Tue May 22 15:20:04 [websvr] select() failure: ret=-1 errno:10038 An operation was attempted on something that is not a socket.
Tue May 22 15:20:04 [initandlisten] Listener: accept() returns -1 errno:10038 An operation was attempted on something that is not a socket.
Tue May 22 15:20:04 [initandlisten] select() failure: ret=-1 errno:10038 An operation was attempted on something that is not a socket.
Tue May 22 15:20:04 [initandlisten] now exiting
Tue May 22 15:20:04 dbexit:
Tue May 22 15:20:04 [initandlisten] shutdown: going to close listening sockets...

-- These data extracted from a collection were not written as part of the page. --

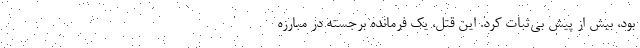
بود، بیش از پیش بی‌ثبات کرد. این قتل، یک فرمانده برجسته در مبارزه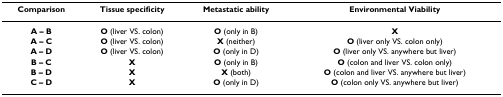
| Comparison | Tissue specificity | Metastatic ability | Environmental Viability |
 | --- | --- | --- | --- |
 | A – B | O (liver VS. colon) | O (only in B) | X |
 | A – C | O (liver VS. colon) | X (neither) | O (liver only VS. colon only) |
 | A – D | O (liver VS. colon) | O (only in D) | O (liver only VS. anywhere but liver) |
 | B – C | X | O (only in B) | O (colon and liver VS. colon only) |
 | B – D | X | X (both) | O (colon and liver VS. anywhere but liver) |
 | C – D | X | O (only in D) | O (colon only VS. anywhere but liver) |

Tue May 22 15:20:04 [initandlisten] shutdown: going to flush diaglog...
Tue May 22 15:20:04 [initandlisten] shutdown: going to close sockets...

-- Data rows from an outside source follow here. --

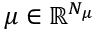
\mu \in \mathbb { R } ^ { N _ { \mu } }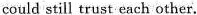
could still trust each other.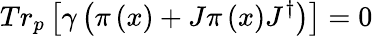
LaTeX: Tr_{p}\left[\gamma\left(\pi\left(x\right)+J\pi\left(x\right)J^{\dagger}\right)\right]=0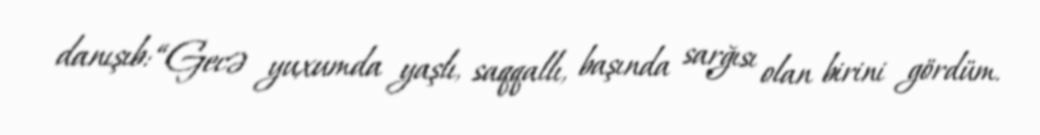
danışıb: “Gecə yuxumda yaşlı, saqqallı, başında sarğısı olan birini gördüm.

Tue May 22 15:20:04 [initandlisten] shutdown: waiting for fs preallocator...
Tue May 22 15:20:04 [initandlisten] shutdown: lock for final commit...
Tue May 22 15:20:04 [initandlisten] shutdown: final commit...
Tue May 22 15:20:04 unhandled windows exception
Tue May 22 15:20:04 ec=0xe06d7363
***** SERVER RESTARTED *****
I saw mongod.lock in the data folder, so I renamed that, and tried again, but got the same messages, and saw mongo was automatically restarting over and over very quickly.
I manually tried to start mongo, using the command from HKEY_LOCAL_MACHINE\SYSTEM\CurrentControlSet\services\MongoDB\ImagePath:
"c:\SitesData\testing-website\mongo\mongod.exe" --quiet --rest --replSet rsTest --dbpath "C:\SitesData\testing-website\mongodata" --port 27021 --logpath "C:\SitesData\testing-website\mongo.log" --logappend --service
But that only gave the following logs messages:
***** SERVER RESTARTED *****
Tue May 22 15:29:04 BackgroundJob starting: DataFileSync
Tue May 22 15:29:04 dbexit:
Tue May 22 15:29:04 shutdown: going to close listening sockets...
Tue May 22 15:29:04 shutdown: going to flush diaglog...
Tue May 22 15:29:04 shutdown: going to close sockets...
Tue May 22 15:29:04 shutdown: waiting for fs preallocator...
Tue May 22 15:29:04 shutdown: lock for final commit...
Tue May 22 15:29:04 shutdown: final commit...
Tue May 22 15:29:04 shutdown: closing all files...
Tue May 22 15:29:04 closeAllFiles() finished
Tue May 22 15:29:04 dbexit: really exiting now
***** SERVER RESTARTED *****
The way this failure occurred prevented failover from happening, because the local mongo instance could be seen, and connected to (slaveok is true), but would immediately shutdown and close the connection, causing our ASP.Net website to keep throwing System.Net.Sockets.SocketException "An existing connection was forcibly closed by the remote host"
I'm not sure what to do from here. I'd like to avoid a full resync, since we only have two non-arbiter members, and this would mean a performance impact while this instance fully resynched with the primary. Does anyone have any advice?